→ **What the task asks**
Look for the string "translate" in the data below, and copy each line that holds it.

→ **The input**
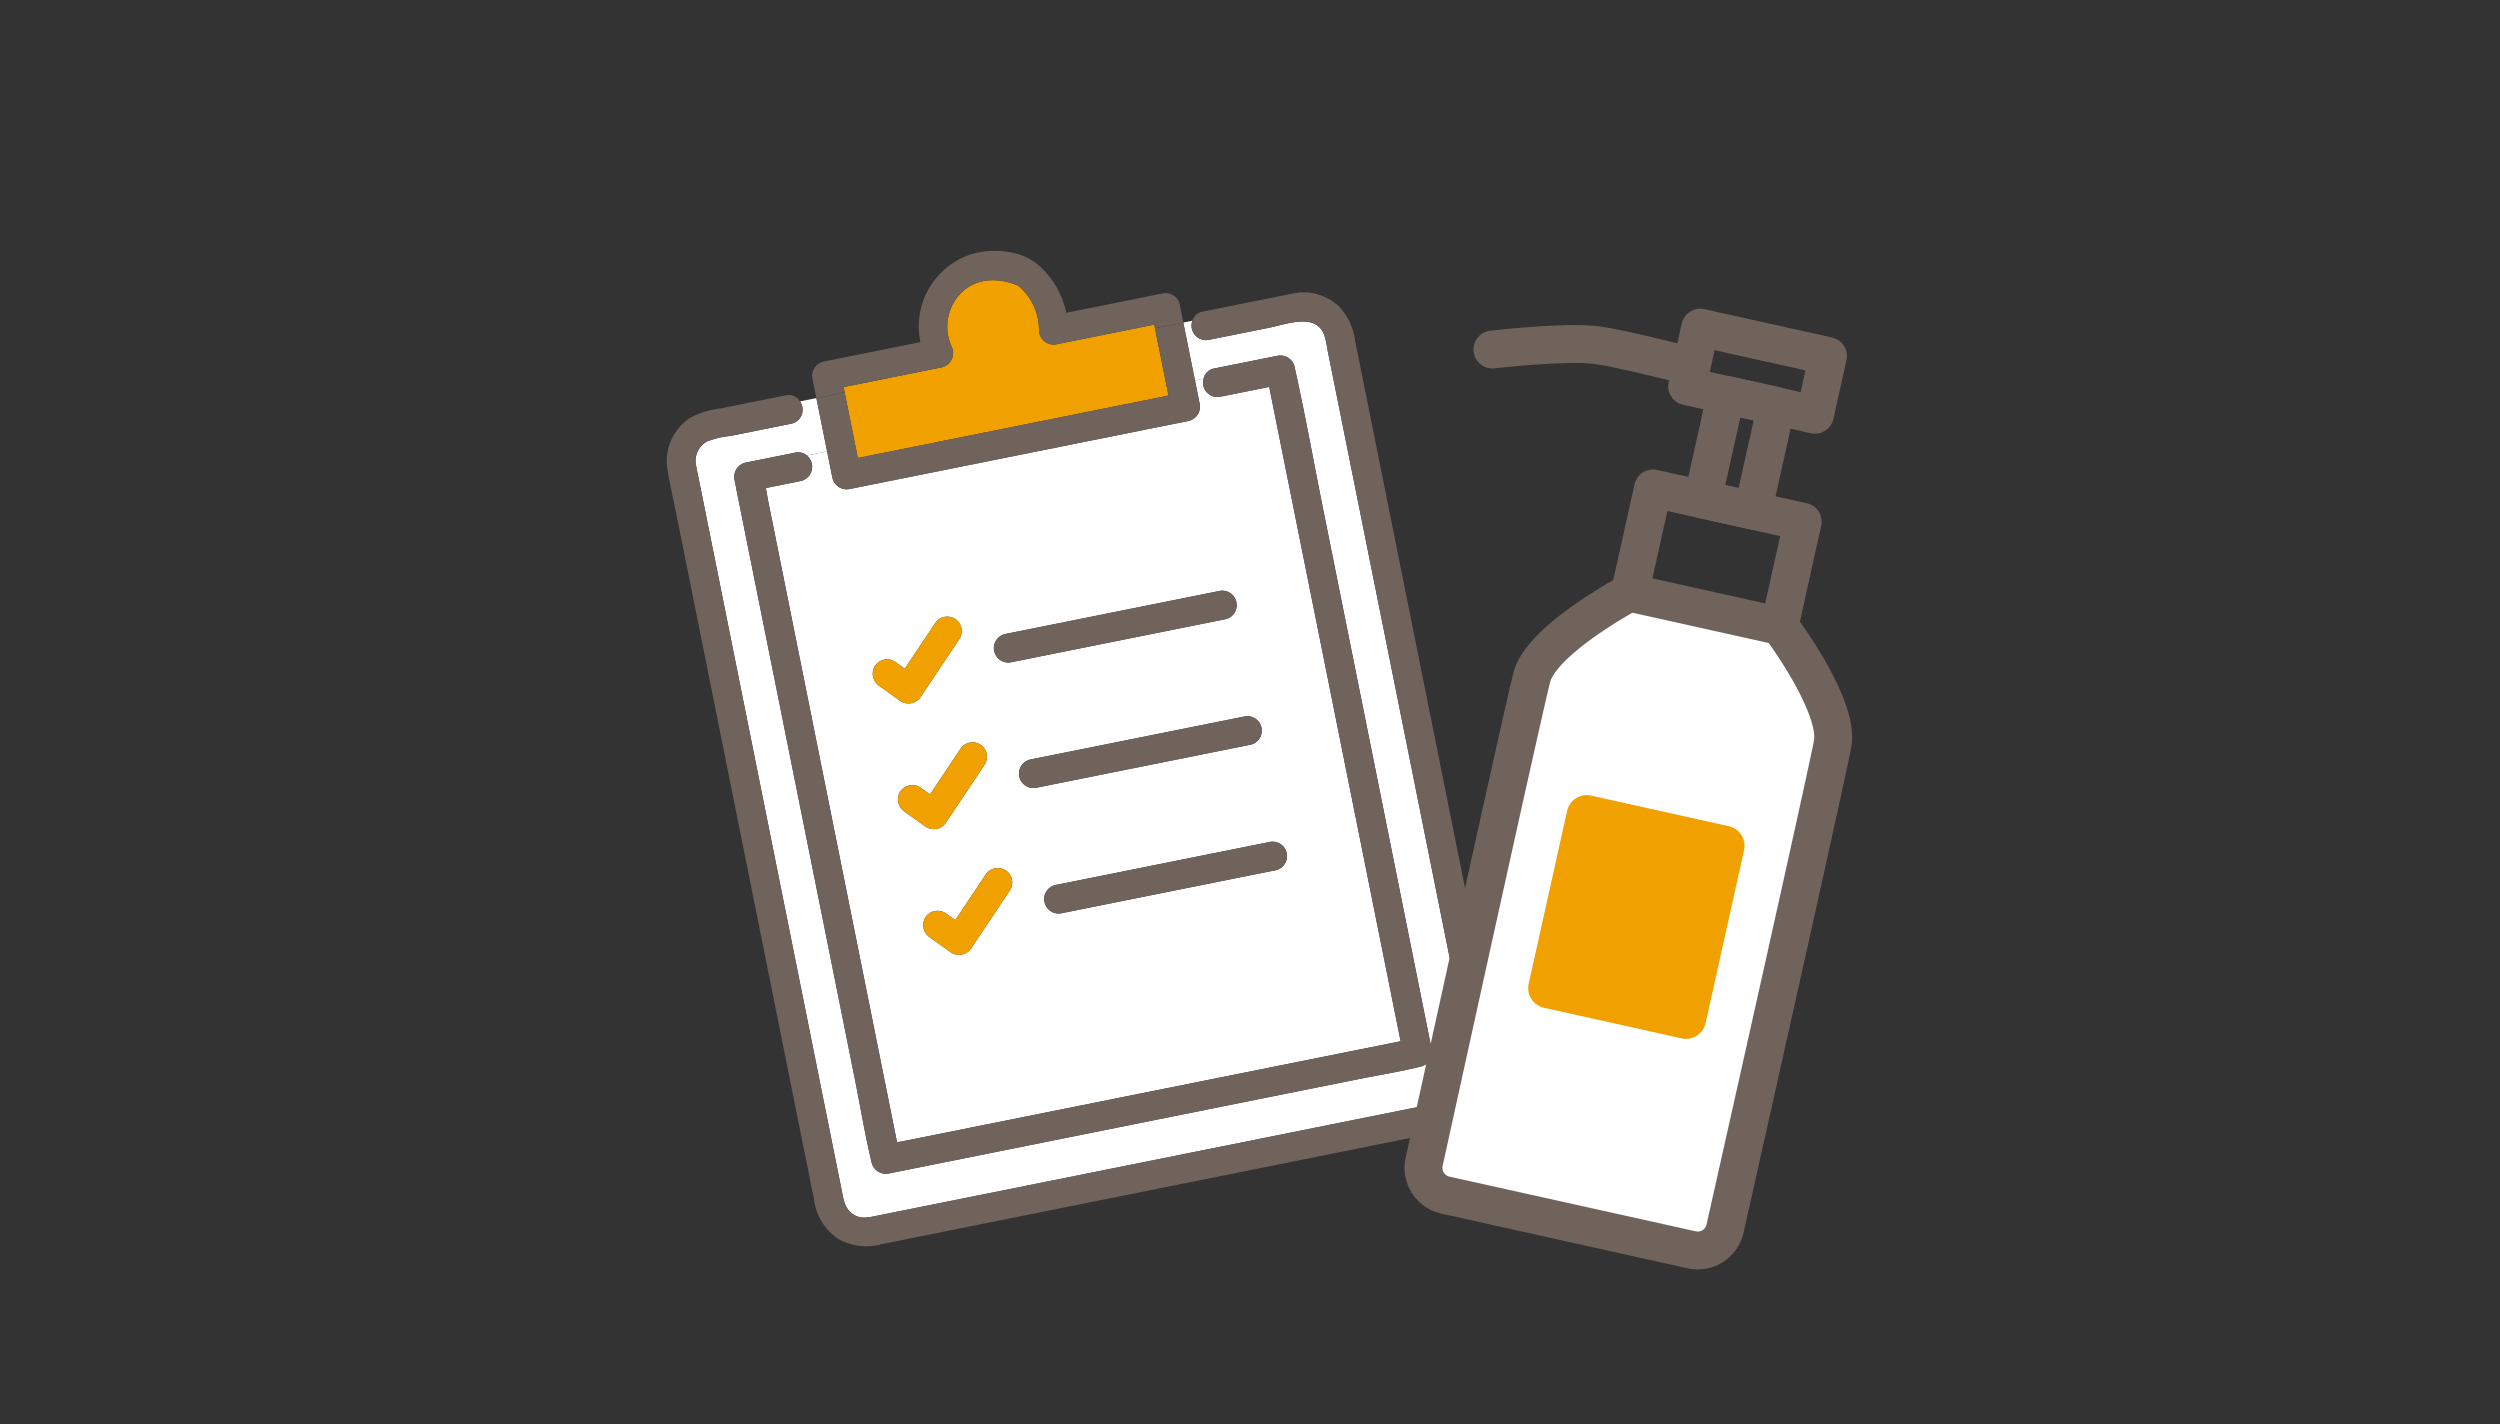 <svg xmlns="http://www.w3.org/2000/svg" xmlns:xlink="http://www.w3.org/1999/xlink" width="330" height="188" viewBox="0 0 330 188">
  <rect x="0" y="0" width="330" height="188" fill="#333333" stroke="none"/>
  <defs>
    <clipPath id="clip-path">
      <rect id="長方形_302" data-name="長方形 302" width="330" height="188" transform="translate(-4494 5333)" fill="#fff" stroke="#707070" stroke-width="1"/>
    </clipPath>
  </defs>
  <g id="マスクグループ_3" data-name="マスクグループ 3" transform="translate(4494 -5333)" clip-path="url(#clip-path)">
    <g id="グループ_1197" data-name="グループ 1197" transform="translate(-5429 794)">
      <g id="グループ_1141" data-name="グループ 1141">
        <path id="パス_6598" data-name="パス 6598" d="M1040.711,4602.49l-4.615.927c.11.606.207,1.216.326,1.809l1.5,7.458,4.513,22.464,5.219,25.975,4.331,21.559,1.424,7.091c.347-.059.694-.118,1.031-.185l5.794-1.164,17.539-3.524,20.266-4.071,16.743-3.364,5.1-1.025-4-19.928-2.963-14.75-2.8-13.954-4.886-24.319-2.695-13.418-6.492,1.3a1.894,1.894,0,0,1-2.168-2.379l-1.136.229.623,3.1a1.934,1.934,0,0,1-1.493,2.244l-5.519,1.108-24.1,4.842-15.128,3.04a1.934,1.934,0,0,1-2.244-1.494l-.7-3.481-2.676.538A1.927,1.927,0,0,1,1040.711,4602.49Zm26.926,20.206,3.495-.7,24.879-5a1.907,1.907,0,0,1,.751,3.738l-3.5.7-24.878,5A1.907,1.907,0,0,1,1067.637,4622.7Zm3.328,16.565,3.495-.7,24.879-5a1.907,1.907,0,0,1,.751,3.737l-3.5.7-24.878,5A1.907,1.907,0,0,1,1070.965,4639.261Zm3.328,16.566,3.495-.7,24.879-5a1.907,1.907,0,0,1,.751,3.737l-3.5.7-24.878,5A1.907,1.907,0,0,1,1074.293,4655.827Zm-23.788-28.945a1.923,1.923,0,0,1,2.643-.531l1.285.917,4.022-6.026a1.906,1.906,0,0,1,3.174,2.112l-.64.959q-2.238,3.352-4.475,6.7a1.929,1.929,0,0,1-2.642.531l-2.836-2.023A1.946,1.946,0,0,1,1050.505,4626.882Zm3.334,16.593a1.921,1.921,0,0,1,2.642-.531l1.286.917q2.01-3.012,4.021-6.026a1.906,1.906,0,0,1,3.174,2.112q-.32.48-.64.959-2.236,3.353-4.474,6.7a1.931,1.931,0,0,1-2.643.531l-2.835-2.023A1.946,1.946,0,0,1,1053.839,4643.475Zm3.333,16.593a1.921,1.921,0,0,1,2.643-.531l1.285.917,4.022-6.026a1.906,1.906,0,1,1,3.174,2.112l-.64.959q-2.238,3.351-4.475,6.7a1.93,1.93,0,0,1-2.642.531l-2.836-2.024A1.945,1.945,0,0,1,1057.172,4660.068Z" fill="#fff"/>
        <path id="パス_6599" data-name="パス 6599" d="M1109.8,4583.216c-1.125-2.956-4.954-1.419-7.213-.965l-8.058,1.619a1.912,1.912,0,0,1-2.133-2.534l-1.2.241,1.537,7.648,1.136-.229a1.723,1.723,0,0,1,1.417-1.359l8.36-1.679a1.934,1.934,0,0,1,2.245,1.493c.02.1.038.2.061.3,1.329,5.99,2.419,12.044,3.628,18.059l4.688,23.338,2.515,12.516,3.222,16.042,3.988,19.848a1.933,1.933,0,0,1-1.494,2.244c-.039.008-.079.014-.119.024-2.824.685-5.721,1.149-8.569,1.722l-17.539,3.523-20.267,4.072-16.743,3.363-6.97,1.4a1.934,1.934,0,0,1-2.244-1.494c-.011-.051-.019-.1-.032-.155-.861-3.622-1.471-7.324-2.2-10.973l-4.513-22.464-5.218-25.975-4.332-21.559-1.8-8.98a1.935,1.935,0,0,1,1.494-2.245l6.519-1.309a1.735,1.735,0,0,1,1.537.374l2.676-.538-1.414-7.037-2.166.435a1.888,1.888,0,0,1-1.142,2.948l-8.048,1.617a11.913,11.913,0,0,0-3.079.724,2.93,2.93,0,0,0-1.446,3.18c.13.722.29,1.441.434,2.161l2.483,12.357,3.894,19.384,4.457,22.184,4.164,20.731,3.018,15.021.816,4.062c.228,1.132.39,2.172,1.416,2.9,1.087.768,2.2.425,3.4.185l4.863-.977,17.344-3.485,21.98-4.415,19.993-4.017,11.382-2.287c.241-.048.484-.091.724-.145a2.88,2.88,0,0,0,2.177-3.382c-.1-.548-.219-1.093-.329-1.638l-2.325-11.573-3.808-18.958-4.443-22.114-4.222-21.014-3.155-15.708-.9-4.47A13.1,13.1,0,0,0,1109.8,4583.216Z" fill="#fff"/>
        <path id="パス_6600" data-name="パス 6600" d="M1131.932,4673.878l-3.232-16.089-4.331-21.559-4.52-22.5-3.8-18.917-2.166-10.783a8.159,8.159,0,0,0-2.016-4.458,6.771,6.771,0,0,0-6.207-1.826c-1.334.259-2.665.535-4,.8l-7.881,1.583a1.73,1.73,0,0,0-1.383,1.2l3.459-.694-3.459.694a1.912,1.912,0,0,0,2.133,2.534l8.058-1.619c2.259-.454,6.088-1.991,7.213.965a13.1,13.1,0,0,1,.438,2.038l.9,4.47,3.155,15.708,4.222,21.014,4.443,22.114,3.808,18.958,2.325,11.573c.11.545.232,1.09.329,1.638a2.88,2.88,0,0,1-2.177,3.382c-.24.054-.483.1-.724.145l-11.382,2.287-19.993,4.017-21.98,4.415-17.344,3.485-4.863.977c-1.2.24-2.31.583-3.4-.185-1.026-.724-1.188-1.764-1.416-2.9l-.816-4.062-3.018-15.021-4.164-20.731-4.457-22.184-3.894-19.384-2.483-12.357c-.144-.72-.3-1.439-.434-2.161a2.93,2.93,0,0,1,1.446-3.18,11.913,11.913,0,0,1,3.079-.724l8.048-1.617a1.888,1.888,0,0,0,1.142-2.948l-2.318.466,2.318-.466a1.73,1.73,0,0,0-1.893-.789l-8.583,1.724a11.337,11.337,0,0,0-3.935,1.2,6.822,6.822,0,0,0-3.05,7.042c.395,2.237.9,4.461,1.343,6.689l3.308,16.462,4.361,21.71,4.489,22.344,3.759,18.711,2.064,10.273a7.417,7.417,0,0,0,3.3,5.267,7.728,7.728,0,0,0,5.771.592l12.574-2.526,20.915-4.2,22.209-4.461,16.41-3.3,3.907-.785a6.783,6.783,0,0,0,5.706-7.189A58.4,58.4,0,0,0,1131.932,4673.878Z" fill="#70635c"/>
        <path id="パス_6601" data-name="パス 6601" d="M1105.954,4587.755c-.023-.1-.041-.2-.061-.3a1.934,1.934,0,0,0-2.245-1.493l-8.36,1.679a1.723,1.723,0,0,0-1.417,1.359l2.268-.456-2.268.456a1.894,1.894,0,0,0,2.168,2.379l6.492-1.3,2.695,13.418,4.886,24.319,2.8,13.954,2.963,14.75,4,19.928-5.1,1.025-16.743,3.364-20.266,4.071-17.539,3.524-5.794,1.164c-.337.067-.684.126-1.031.185l-1.424-7.091-4.331-21.559-5.219-25.975-4.513-22.464-1.5-7.458c-.119-.593-.216-1.2-.326-1.809l4.615-.927a1.927,1.927,0,0,0,.786-3.363l-2.348.471,2.348-.471a1.735,1.735,0,0,0-1.537-.374l-6.519,1.309a1.935,1.935,0,0,0-1.494,2.245l1.8,8.98,4.332,21.559,5.218,25.975,4.513,22.464c.733,3.649,1.343,7.351,2.2,10.973.013.051.021.1.032.155a1.934,1.934,0,0,0,2.244,1.494l6.97-1.4,16.743-3.363,20.267-4.072,17.539-3.523c2.848-.573,5.745-1.037,8.569-1.722.04-.01.08-.016.119-.024a1.933,1.933,0,0,0,1.494-2.244l-3.988-19.848-3.222-16.042-2.515-12.516-4.688-23.338C1108.373,4599.8,1107.283,4593.745,1105.954,4587.755Z" fill="#70635c"/>
        <path id="パス_6602" data-name="パス 6602" d="M1085.828,4582.656l1.633-.328-.1-.477-12.933,2.6a1.932,1.932,0,0,1-2.278-2,7.641,7.641,0,0,0-2.755-5.744c-2.576-1.066-5.356-1.072-7.428.859a6.353,6.353,0,0,0-1.357,7.2,1.931,1.931,0,0,1-1.327,2.727l-12.933,2.6.142.711h0l1.738,8.65,3.65-.734,24.1-4.842,13.259-2.663-1.784-8.884Z" fill="#f0a100"/>
        <path id="パス_6603" data-name="パス 6603" d="M1046.354,4590.09l12.933-2.6a1.931,1.931,0,0,0,1.327-2.727,6.353,6.353,0,0,1,1.357-7.2c2.072-1.931,4.852-1.925,7.428-.859a7.641,7.641,0,0,1,2.755,5.744,1.932,1.932,0,0,0,2.278,2l12.933-2.6.1.477,3.737-.751-.471-2.345a1.76,1.76,0,0,0-.754-1.164c-.023-.018-.048-.034-.072-.051s-.029-.019-.044-.027a1.758,1.758,0,0,0-1.374-.252l-12.737,2.559a11.558,11.558,0,0,0-3.6-6.237c-2.222-2.033-6.22-2.378-9.005-1.476a10.028,10.028,0,0,0-6.653,11.581l-12.758,2.563a1.934,1.934,0,0,0-1.493,2.244l.518,2.58,3.737-.751Z" fill="#70635c"/>
        <path id="パス_6604" data-name="パス 6604" d="M1089.871,4589.8l2.864-.575-1.537-7.648-3.737.751,1.784,8.884-13.259,2.663-24.1,4.842-3.65.734-1.738-8.65-3.737.751,1.414,7.037,3.5-.7-3.5.7.7,3.481a1.934,1.934,0,0,0,2.244,1.494l15.128-3.04,24.1-4.842,5.519-1.108a1.934,1.934,0,0,0,1.493-2.244l-.623-3.1Z" fill="#70635c"/>
        <path id="パス_6605" data-name="パス 6605" d="M1093.266,4621.435l3.5-.7a1.907,1.907,0,0,0-.751-3.738l-24.879,5-3.495.7a1.907,1.907,0,0,0,.751,3.737Z" fill="#70635c"/>
        <path id="パス_6606" data-name="パス 6606" d="M1071.716,4643l24.878-5,3.5-.7a1.907,1.907,0,0,0-.751-3.737l-24.879,5-3.495.7A1.907,1.907,0,0,0,1071.716,4643Z" fill="#70635c"/>
        <path id="パス_6607" data-name="パス 6607" d="M1075.044,4659.564l24.878-5,3.5-.7a1.907,1.907,0,0,0-.751-3.737l-24.879,5-3.495.7A1.907,1.907,0,0,0,1075.044,4659.564Z" fill="#70635c"/>
        <path id="パス_6608" data-name="パス 6608" d="M1053.872,4631.548a1.929,1.929,0,0,0,2.642-.531q2.238-3.351,4.475-6.7l.64-.959a1.906,1.906,0,0,0-3.174-2.112l-4.022,6.026-1.285-.917a1.923,1.923,0,0,0-2.643.531,1.946,1.946,0,0,0,.531,2.643Z" fill="#f0a100"/>
        <path id="パス_6609" data-name="パス 6609" d="M1054.37,4646.118l2.835,2.023a1.931,1.931,0,0,0,2.643-.531q2.236-3.352,4.474-6.7.32-.48.64-.959a1.906,1.906,0,0,0-3.174-2.112q-2.01,3.014-4.021,6.026l-1.286-.917a1.921,1.921,0,0,0-2.642.531A1.946,1.946,0,0,0,1054.37,4646.118Z" fill="#f0a100"/>
        <path id="パス_6610" data-name="パス 6610" d="M1057.7,4662.71l2.836,2.024a1.93,1.93,0,0,0,2.642-.531q2.238-3.353,4.475-6.7l.64-.959a1.906,1.906,0,1,0-3.174-2.112l-4.022,6.026-1.285-.917a1.921,1.921,0,0,0-2.643.531A1.945,1.945,0,0,0,1057.7,4662.71Z" fill="#f0a100"/>
        <path id="パス_6611" data-name="パス 6611" d="M1115.111,4667.971l-3.847-.6-.749,1.3,2.24,3.272Q1113.933,4669.959,1115.111,4667.971Z" fill="#fff"/>
      </g>
      <g id="グループ_1143" data-name="グループ 1143">
        <path id="パス_6612" data-name="パス 6612" d="M1149.263,4617.7l-11.591,9.542-14.368,67.577,37.24,8.944,16.389-68.229-6.539-13.272Z" fill="#fff"/>
        <g id="グループ_1142" data-name="グループ 1142">
          <rect id="長方形_292" data-name="長方形 292" width="17.284" height="7.939" transform="matrix(0.976, 0.217, -0.217, 0.976, 1159.43, 4582.245)" fill="none" stroke="#70635c" stroke-linecap="round" stroke-linejoin="round" stroke-width="5"/>
          <rect id="長方形_293" data-name="長方形 293" width="6.796" height="14.169" transform="matrix(0.976, 0.217, -0.217, 0.976, 1162.835, 4591.099)" fill="none" stroke="#70635c" stroke-linecap="round" stroke-linejoin="round" stroke-width="5"/>
          <rect id="長方形_294" data-name="長方形 294" width="20.249" height="14.107" transform="matrix(0.976, 0.217, -0.217, 0.976, 1153.197, 4603.473)" fill="none" stroke="#70635c" stroke-linecap="round" stroke-linejoin="round" stroke-width="5"/>
          <rect id="長方形_295" data-name="長方形 295" width="18.64" height="23.401" transform="matrix(0.976, 0.217, -0.217, 0.976, 1144.443, 4646.599)" fill="#f0a100" stroke="#f0a100" stroke-linecap="round" stroke-linejoin="round" stroke-width="5.289"/>
          <path id="パス_6613" data-name="パス 6613" d="M1169.94,4621.642s7.9,10.5,6.963,15.553c-.8,4.32-11.2,50.628-14.2,63.988a3.69,3.69,0,0,1-4.405,2.791l-32.5-7.218a3.688,3.688,0,0,1-2.81-4.392c2.934-13.377,13.114-59.733,14.22-63.985,1.295-4.973,12.893-11.143,12.893-11.143" fill="none" stroke="#70635c" stroke-linecap="round" stroke-linejoin="round" stroke-width="5"/>
          <path id="パス_6614" data-name="パス 6614" d="M1156.905,4587.019s-8.138-2.065-11.045-2.452c-4.221-.562-13.862.569-13.862.569" fill="none" stroke="#70635c" stroke-linecap="round" stroke-linejoin="round" stroke-width="5"/>
        </g>
      </g>
    </g>
  </g>
</svg>

→ **Answer for this exercise**
      <rect id="長方形_302" data-name="長方形 302" width="330" height="188" transform="translate(-4494 5333)" fill="#fff" stroke="#707070" stroke-width="1"/>
  <g id="マスクグループ_3" data-name="マスクグループ 3" transform="translate(4494 -5333)" clip-path="url(#clip-path)">
    <g id="グループ_1197" data-name="グループ 1197" transform="translate(-5429 794)">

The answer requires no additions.